## Assignment
Answer with a single number, the count of lines in the material below that contain the word "condensed".

## Data records

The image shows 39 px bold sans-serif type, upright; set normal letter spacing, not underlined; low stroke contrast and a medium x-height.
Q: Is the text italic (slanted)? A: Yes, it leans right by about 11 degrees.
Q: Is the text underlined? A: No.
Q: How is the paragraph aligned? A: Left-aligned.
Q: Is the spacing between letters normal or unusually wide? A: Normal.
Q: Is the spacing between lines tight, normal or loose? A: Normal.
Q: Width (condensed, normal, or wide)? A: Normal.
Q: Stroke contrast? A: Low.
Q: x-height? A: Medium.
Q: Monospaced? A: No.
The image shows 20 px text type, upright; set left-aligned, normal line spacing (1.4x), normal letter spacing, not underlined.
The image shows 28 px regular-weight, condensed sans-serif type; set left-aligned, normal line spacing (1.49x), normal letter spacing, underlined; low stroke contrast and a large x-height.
...
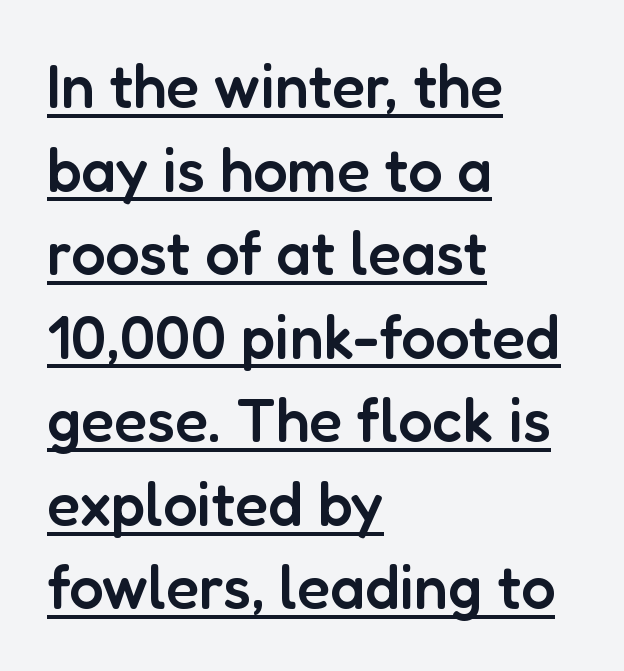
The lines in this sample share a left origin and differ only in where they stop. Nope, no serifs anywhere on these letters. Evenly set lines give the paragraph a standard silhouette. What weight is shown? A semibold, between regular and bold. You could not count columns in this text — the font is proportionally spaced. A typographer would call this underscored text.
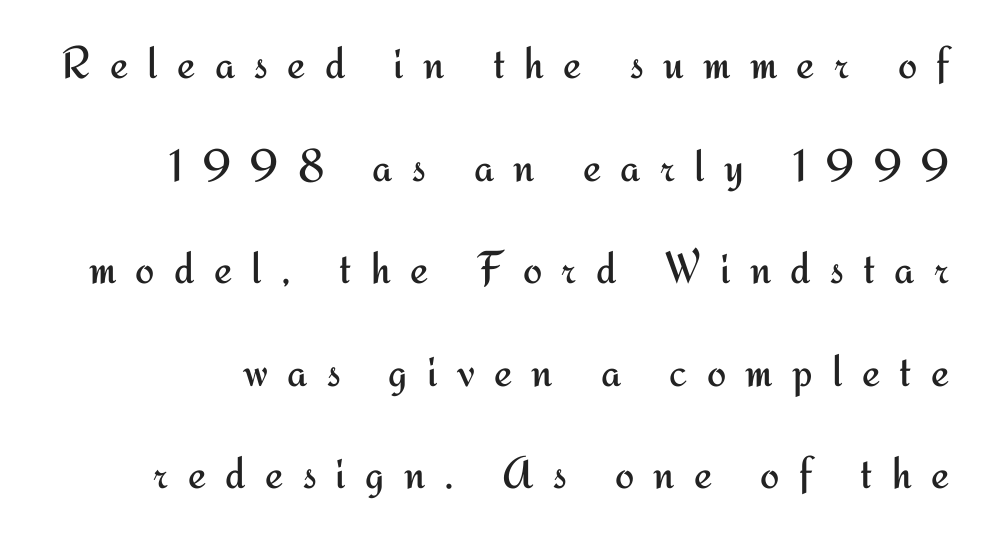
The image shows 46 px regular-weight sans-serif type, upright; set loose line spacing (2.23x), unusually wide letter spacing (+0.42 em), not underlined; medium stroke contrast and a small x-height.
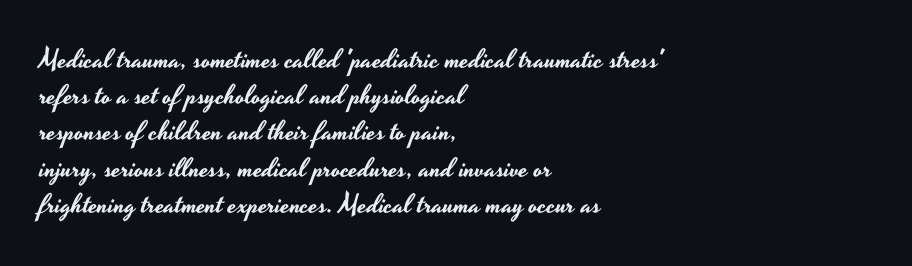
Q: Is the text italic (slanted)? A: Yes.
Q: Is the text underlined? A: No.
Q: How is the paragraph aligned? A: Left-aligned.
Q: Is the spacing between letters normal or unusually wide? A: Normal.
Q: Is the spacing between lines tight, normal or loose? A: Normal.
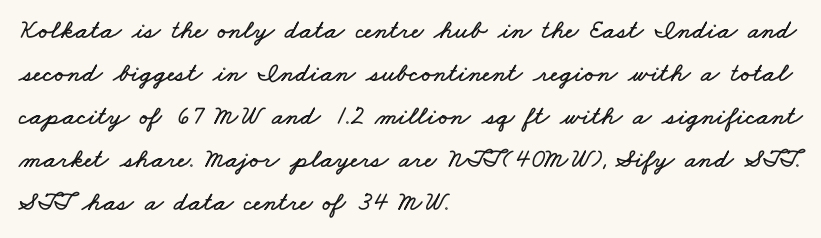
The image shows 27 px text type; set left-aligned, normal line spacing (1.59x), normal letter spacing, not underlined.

## Written answer
2